═══ Recorded information ═══

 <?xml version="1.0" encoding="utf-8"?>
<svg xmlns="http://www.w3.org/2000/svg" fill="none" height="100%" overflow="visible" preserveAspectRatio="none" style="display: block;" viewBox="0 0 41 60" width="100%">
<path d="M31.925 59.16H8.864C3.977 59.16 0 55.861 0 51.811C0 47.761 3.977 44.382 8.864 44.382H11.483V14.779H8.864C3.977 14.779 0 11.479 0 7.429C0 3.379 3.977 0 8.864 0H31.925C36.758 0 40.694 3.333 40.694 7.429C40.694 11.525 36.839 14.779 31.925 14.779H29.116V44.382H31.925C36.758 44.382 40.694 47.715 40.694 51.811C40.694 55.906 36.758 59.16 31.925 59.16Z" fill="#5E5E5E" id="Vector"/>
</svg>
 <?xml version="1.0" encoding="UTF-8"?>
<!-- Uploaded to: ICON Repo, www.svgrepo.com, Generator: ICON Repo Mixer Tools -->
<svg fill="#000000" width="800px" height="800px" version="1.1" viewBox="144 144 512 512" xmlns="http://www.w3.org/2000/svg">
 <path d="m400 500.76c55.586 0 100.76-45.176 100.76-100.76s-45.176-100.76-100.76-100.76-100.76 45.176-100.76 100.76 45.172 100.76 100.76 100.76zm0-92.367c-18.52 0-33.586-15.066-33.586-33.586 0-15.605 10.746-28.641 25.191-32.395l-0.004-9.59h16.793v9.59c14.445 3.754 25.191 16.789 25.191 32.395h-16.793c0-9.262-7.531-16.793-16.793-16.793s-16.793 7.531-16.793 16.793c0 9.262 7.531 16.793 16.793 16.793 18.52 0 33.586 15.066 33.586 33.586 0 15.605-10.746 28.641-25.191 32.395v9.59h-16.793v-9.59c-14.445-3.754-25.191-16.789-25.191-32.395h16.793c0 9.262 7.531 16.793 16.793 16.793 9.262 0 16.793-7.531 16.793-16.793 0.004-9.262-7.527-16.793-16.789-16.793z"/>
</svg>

═══

Prompt – Go through the listing above and repeat all of it exactly.

The answer –
 <?xml version="1.0" encoding="utf-8"?>
<svg xmlns="http://www.w3.org/2000/svg" fill="none" height="100%" overflow="visible" preserveAspectRatio="none" style="display: block;" viewBox="0 0 41 60" width="100%">
<path d="M31.925 59.16H8.864C3.977 59.16 0 55.861 0 51.811C0 47.761 3.977 44.382 8.864 44.382H11.483V14.779H8.864C3.977 14.779 0 11.479 0 7.429C0 3.379 3.977 0 8.864 0H31.925C36.758 0 40.694 3.333 40.694 7.429C40.694 11.525 36.839 14.779 31.925 14.779H29.116V44.382H31.925C36.758 44.382 40.694 47.715 40.694 51.811C40.694 55.906 36.758 59.16 31.925 59.16Z" fill="#5E5E5E" id="Vector"/>
</svg>
 <?xml version="1.0" encoding="UTF-8"?>
<!-- Uploaded to: ICON Repo, www.svgrepo.com, Generator: ICON Repo Mixer Tools -->
<svg fill="#000000" width="800px" height="800px" version="1.1" viewBox="144 144 512 512" xmlns="http://www.w3.org/2000/svg">
 <path d="m400 500.76c55.586 0 100.76-45.176 100.76-100.76s-45.176-100.76-100.76-100.76-100.76 45.176-100.76 100.76 45.172 100.76 100.76 100.76zm0-92.367c-18.52 0-33.586-15.066-33.586-33.586 0-15.605 10.746-28.641 25.191-32.395l-0.004-9.59h16.793v9.59c14.445 3.754 25.191 16.789 25.191 32.395h-16.793c0-9.262-7.531-16.793-16.793-16.793s-16.793 7.531-16.793 16.793c0 9.262 7.531 16.793 16.793 16.793 18.52 0 33.586 15.066 33.586 33.586 0 15.605-10.746 28.641-25.191 32.395v9.59h-16.793v-9.59c-14.445-3.754-25.191-16.789-25.191-32.395h16.793c0 9.262 7.531 16.793 16.793 16.793 9.262 0 16.793-7.531 16.793-16.793 0.004-9.262-7.527-16.793-16.789-16.793z"/>
</svg>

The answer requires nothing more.